►

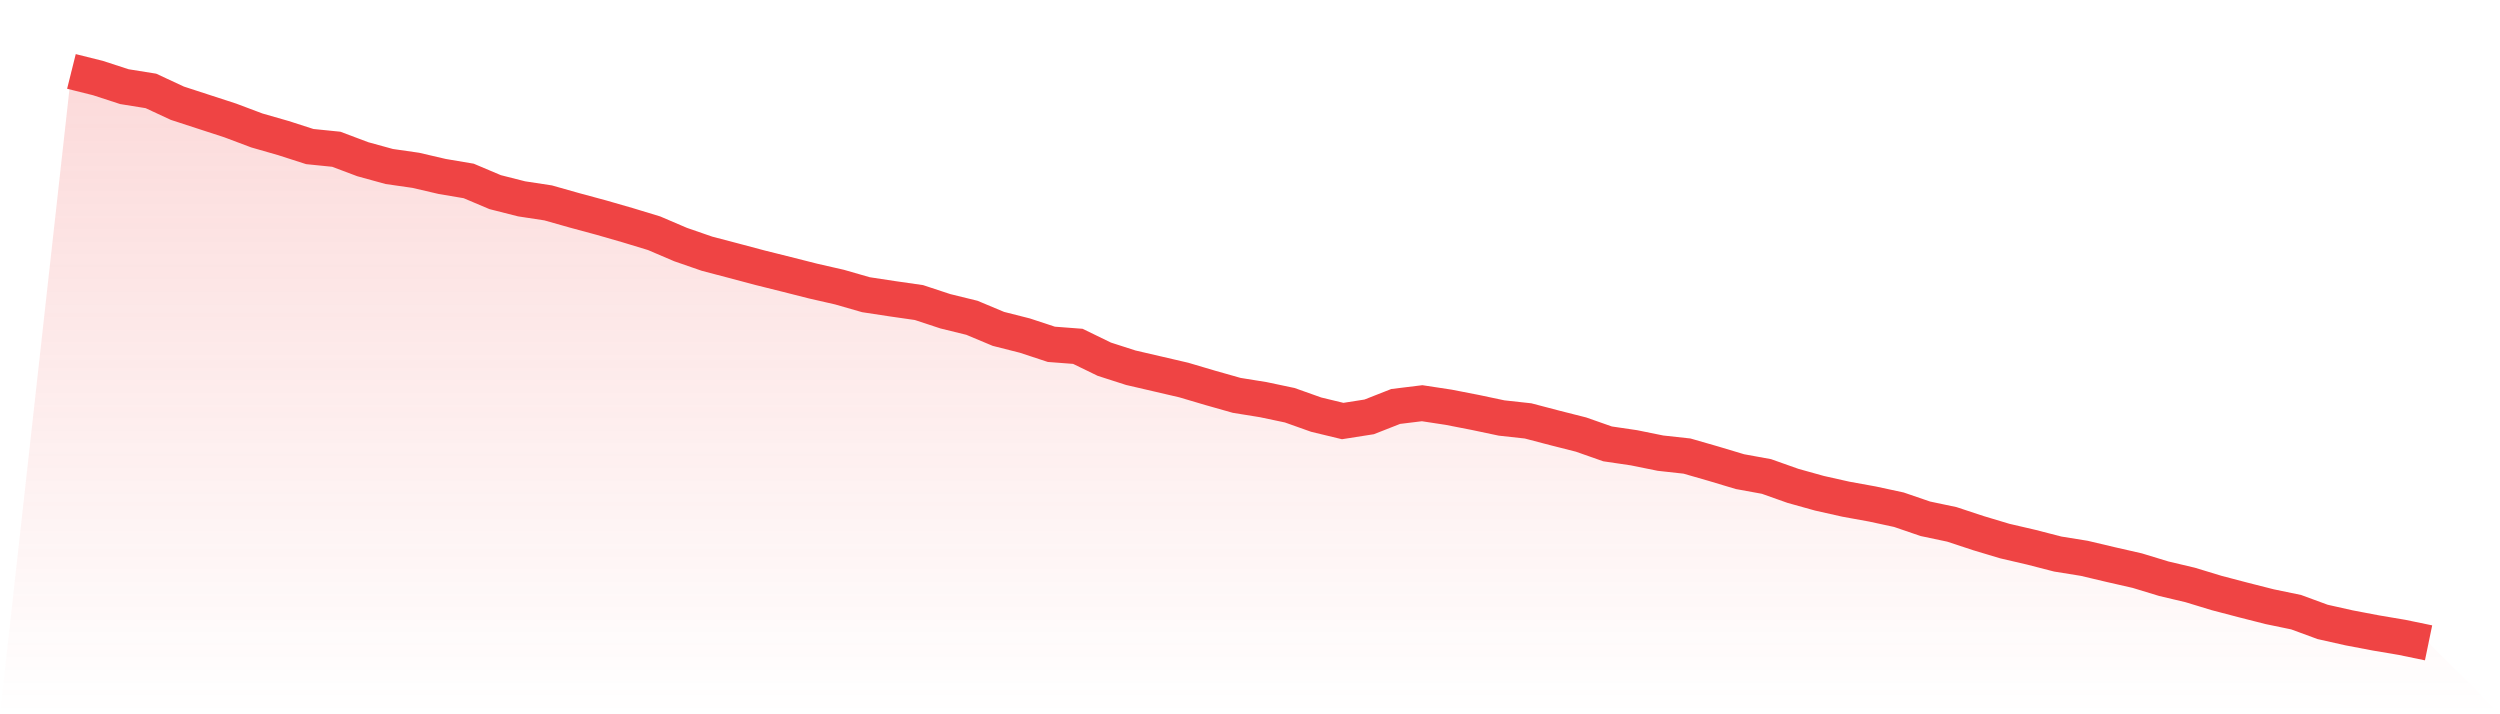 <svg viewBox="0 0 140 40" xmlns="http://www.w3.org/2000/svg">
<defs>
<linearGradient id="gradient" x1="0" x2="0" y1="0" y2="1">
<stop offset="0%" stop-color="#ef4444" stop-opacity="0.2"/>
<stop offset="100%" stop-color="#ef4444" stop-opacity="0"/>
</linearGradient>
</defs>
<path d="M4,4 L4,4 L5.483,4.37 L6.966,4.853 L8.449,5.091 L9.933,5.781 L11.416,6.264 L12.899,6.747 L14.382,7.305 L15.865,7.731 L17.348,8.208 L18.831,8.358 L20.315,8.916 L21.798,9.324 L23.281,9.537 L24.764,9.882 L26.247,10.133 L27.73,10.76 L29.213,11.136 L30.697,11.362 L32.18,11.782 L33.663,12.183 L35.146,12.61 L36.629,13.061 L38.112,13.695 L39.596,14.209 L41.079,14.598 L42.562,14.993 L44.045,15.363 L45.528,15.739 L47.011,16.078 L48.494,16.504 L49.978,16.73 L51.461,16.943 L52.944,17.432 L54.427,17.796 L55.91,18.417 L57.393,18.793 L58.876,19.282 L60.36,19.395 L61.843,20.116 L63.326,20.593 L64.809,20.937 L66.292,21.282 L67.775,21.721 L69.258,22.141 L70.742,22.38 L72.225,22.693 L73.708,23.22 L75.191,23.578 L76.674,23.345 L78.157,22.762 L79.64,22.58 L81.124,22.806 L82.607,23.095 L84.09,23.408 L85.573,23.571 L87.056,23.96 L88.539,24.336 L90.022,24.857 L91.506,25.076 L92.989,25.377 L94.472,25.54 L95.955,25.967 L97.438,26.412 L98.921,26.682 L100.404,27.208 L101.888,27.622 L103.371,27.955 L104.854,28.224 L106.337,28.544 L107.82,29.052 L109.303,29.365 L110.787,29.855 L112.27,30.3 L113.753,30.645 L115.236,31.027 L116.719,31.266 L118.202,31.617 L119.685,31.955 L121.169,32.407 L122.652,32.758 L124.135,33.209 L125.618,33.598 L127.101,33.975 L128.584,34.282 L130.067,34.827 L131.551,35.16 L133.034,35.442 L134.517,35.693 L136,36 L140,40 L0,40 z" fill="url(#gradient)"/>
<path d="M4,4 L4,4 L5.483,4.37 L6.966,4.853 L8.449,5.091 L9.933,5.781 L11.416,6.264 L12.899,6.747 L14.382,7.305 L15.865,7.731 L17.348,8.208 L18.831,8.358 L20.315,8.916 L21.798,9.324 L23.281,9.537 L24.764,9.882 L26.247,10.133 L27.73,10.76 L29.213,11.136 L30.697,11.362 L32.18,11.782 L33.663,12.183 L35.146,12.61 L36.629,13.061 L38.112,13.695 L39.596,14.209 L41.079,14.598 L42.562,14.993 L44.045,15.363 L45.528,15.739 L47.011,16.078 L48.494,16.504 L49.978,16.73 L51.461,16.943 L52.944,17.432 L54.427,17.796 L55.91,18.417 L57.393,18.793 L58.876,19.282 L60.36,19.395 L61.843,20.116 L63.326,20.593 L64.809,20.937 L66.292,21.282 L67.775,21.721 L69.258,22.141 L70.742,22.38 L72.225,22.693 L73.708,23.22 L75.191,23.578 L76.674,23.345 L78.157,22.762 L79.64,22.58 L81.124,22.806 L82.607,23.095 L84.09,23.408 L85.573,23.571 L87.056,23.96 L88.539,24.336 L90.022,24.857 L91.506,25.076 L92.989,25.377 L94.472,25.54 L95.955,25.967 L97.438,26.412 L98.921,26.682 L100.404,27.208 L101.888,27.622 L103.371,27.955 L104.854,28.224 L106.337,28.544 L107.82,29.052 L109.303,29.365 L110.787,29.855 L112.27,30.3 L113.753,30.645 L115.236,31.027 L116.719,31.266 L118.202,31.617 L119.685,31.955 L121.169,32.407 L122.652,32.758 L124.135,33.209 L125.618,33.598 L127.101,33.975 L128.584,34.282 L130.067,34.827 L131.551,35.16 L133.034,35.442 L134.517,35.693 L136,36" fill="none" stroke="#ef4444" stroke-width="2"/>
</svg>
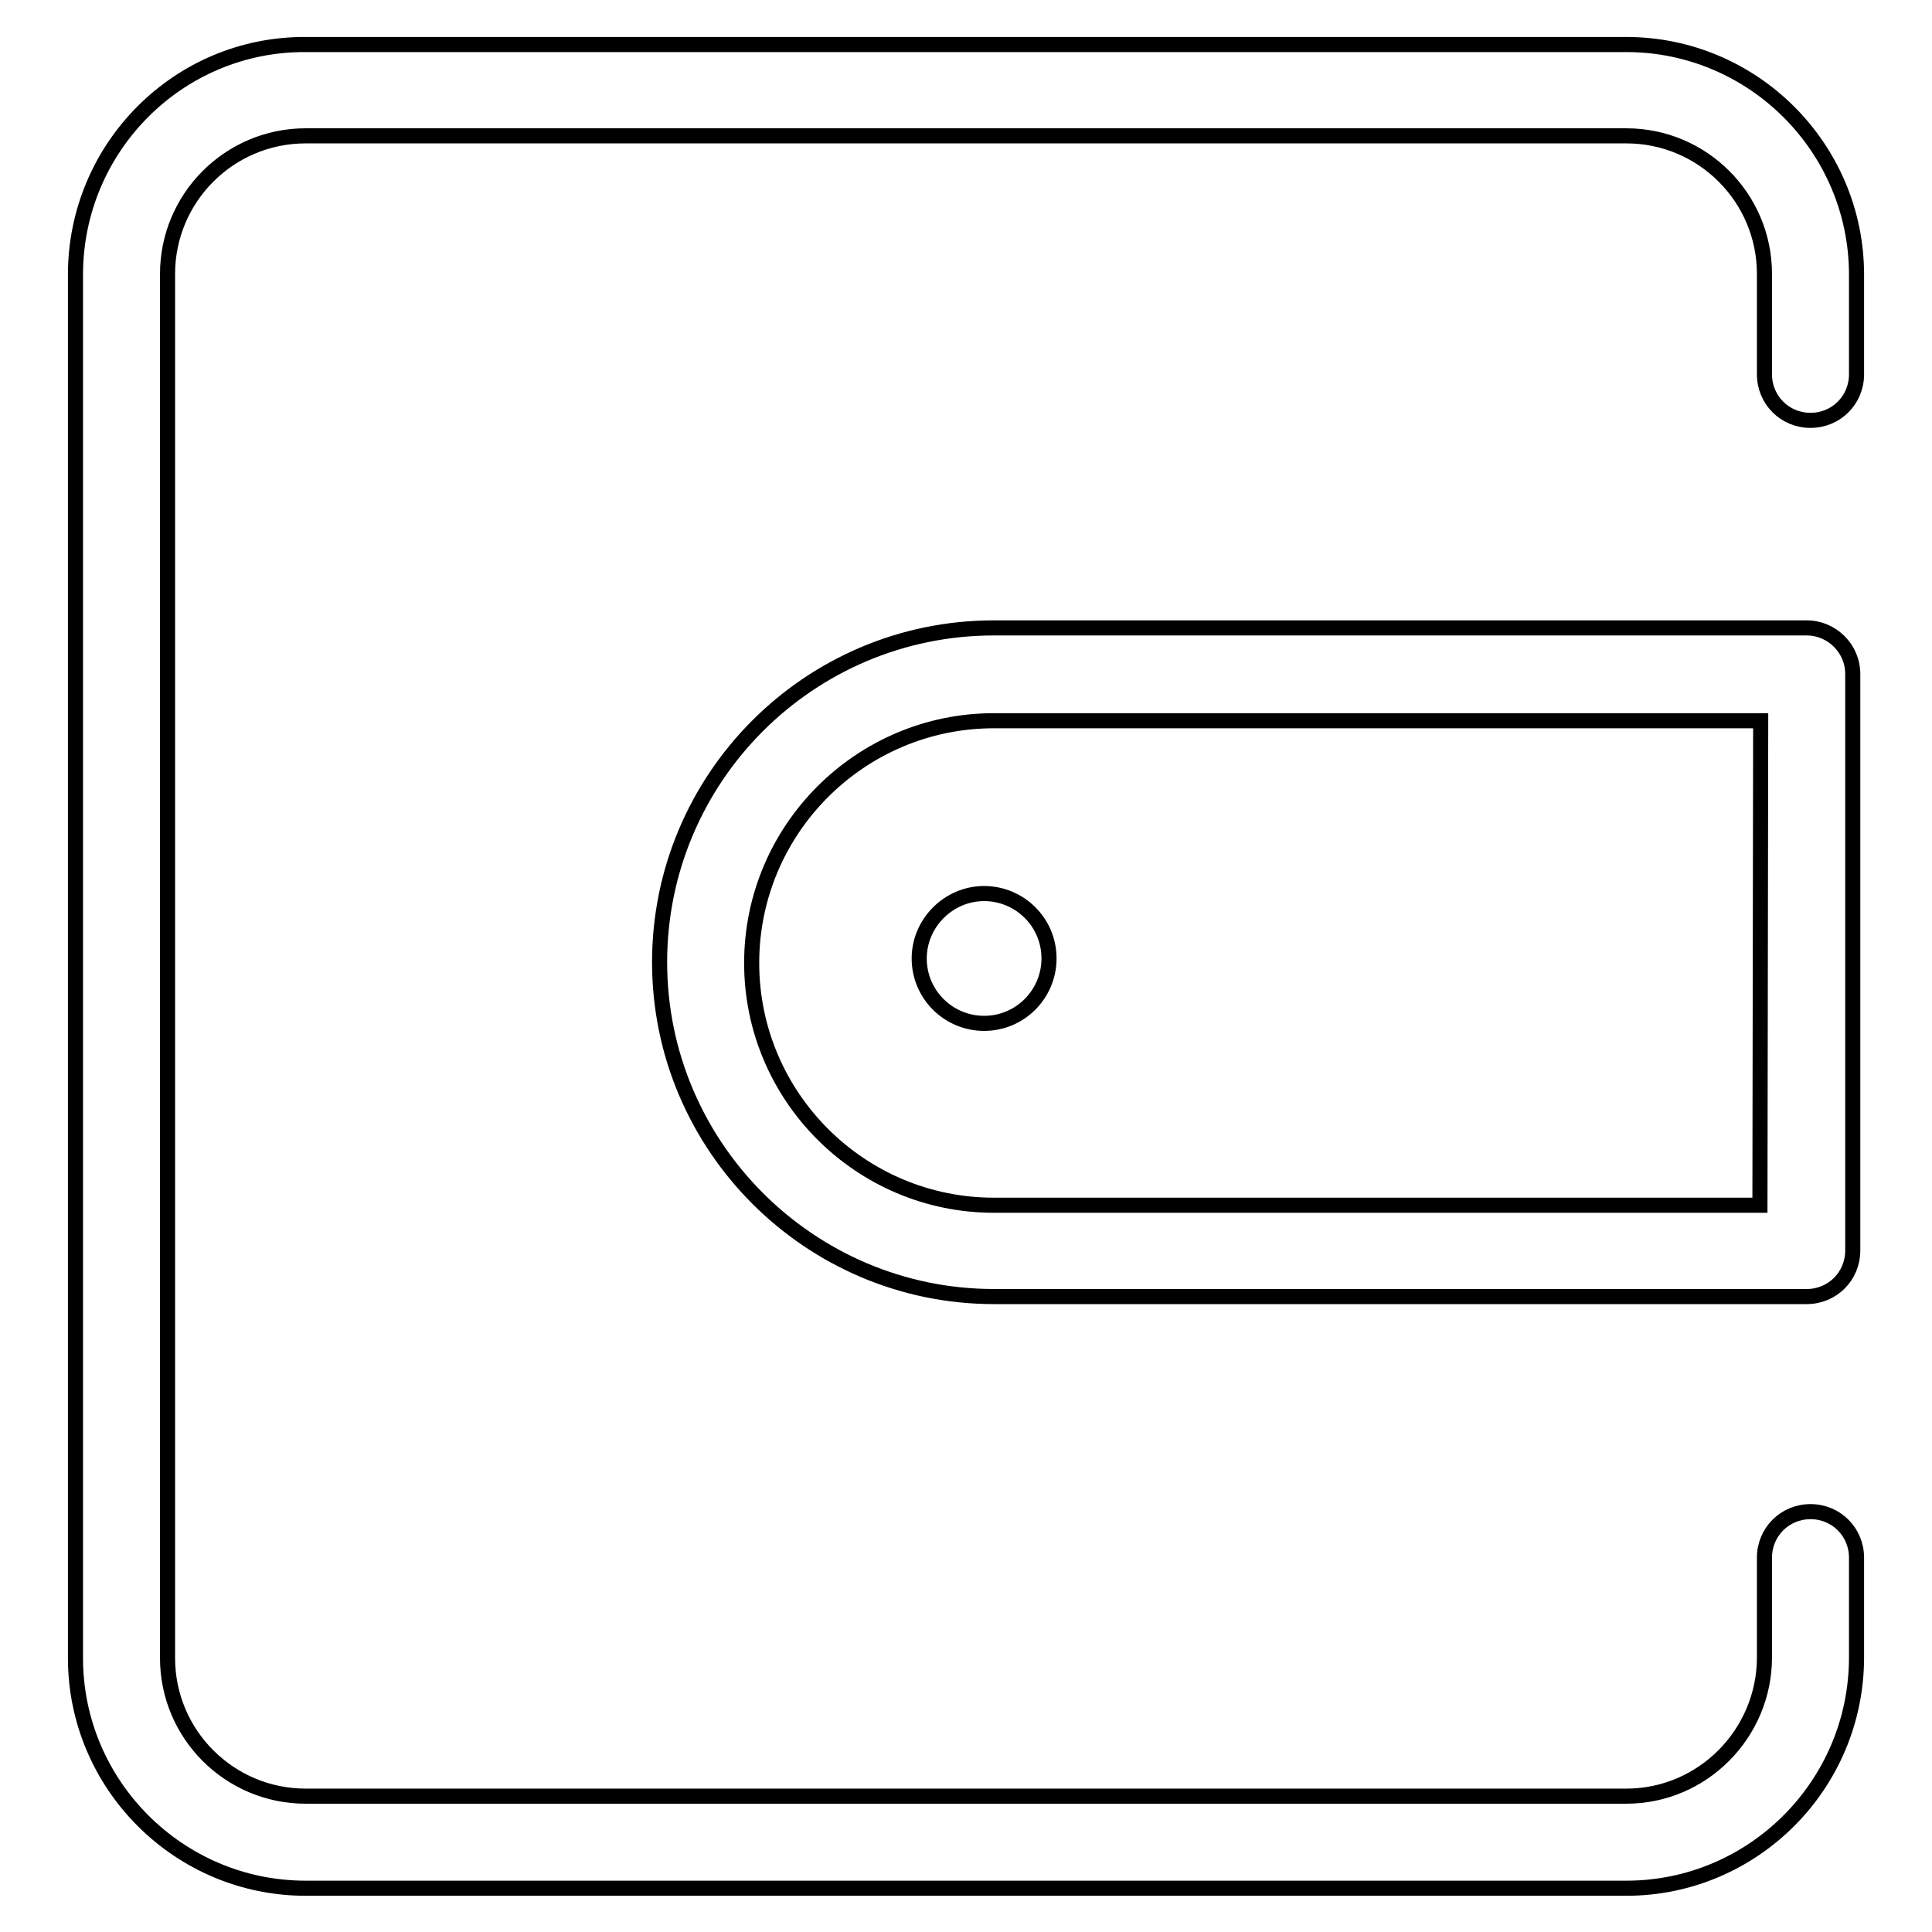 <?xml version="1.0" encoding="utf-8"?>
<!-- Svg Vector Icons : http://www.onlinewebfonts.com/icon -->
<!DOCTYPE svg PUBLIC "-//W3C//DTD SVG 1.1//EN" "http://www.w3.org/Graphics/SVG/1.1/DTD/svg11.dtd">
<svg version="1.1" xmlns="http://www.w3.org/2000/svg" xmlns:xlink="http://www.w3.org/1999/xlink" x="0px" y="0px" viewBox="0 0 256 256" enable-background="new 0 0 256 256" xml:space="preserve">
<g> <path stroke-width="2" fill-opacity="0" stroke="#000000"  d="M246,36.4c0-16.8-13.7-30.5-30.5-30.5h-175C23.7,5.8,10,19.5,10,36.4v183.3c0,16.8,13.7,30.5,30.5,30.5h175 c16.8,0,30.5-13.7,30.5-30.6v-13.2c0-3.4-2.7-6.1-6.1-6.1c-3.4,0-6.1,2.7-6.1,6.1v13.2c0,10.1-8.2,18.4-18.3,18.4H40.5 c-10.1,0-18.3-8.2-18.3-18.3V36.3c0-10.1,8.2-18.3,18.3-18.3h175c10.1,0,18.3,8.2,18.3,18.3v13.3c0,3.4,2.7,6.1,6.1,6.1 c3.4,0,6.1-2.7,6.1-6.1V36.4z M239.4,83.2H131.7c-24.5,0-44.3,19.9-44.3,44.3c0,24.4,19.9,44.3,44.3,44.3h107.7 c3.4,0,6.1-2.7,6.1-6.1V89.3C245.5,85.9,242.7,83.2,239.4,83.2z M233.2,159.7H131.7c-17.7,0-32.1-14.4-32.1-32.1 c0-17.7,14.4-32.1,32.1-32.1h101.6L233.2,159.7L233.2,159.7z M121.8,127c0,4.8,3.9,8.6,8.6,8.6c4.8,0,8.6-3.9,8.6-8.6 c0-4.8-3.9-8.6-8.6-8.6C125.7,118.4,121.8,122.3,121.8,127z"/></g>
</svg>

◄

§ EXERCISE INSTRUCTIONS:
Identify every line above with the string "linearGradient" in it. Copy those lines.

§ EXERCISE RESULT:
<linearGradient id="gradient" x1="0" x2="0" y1="0" y2="1">
</linearGradient>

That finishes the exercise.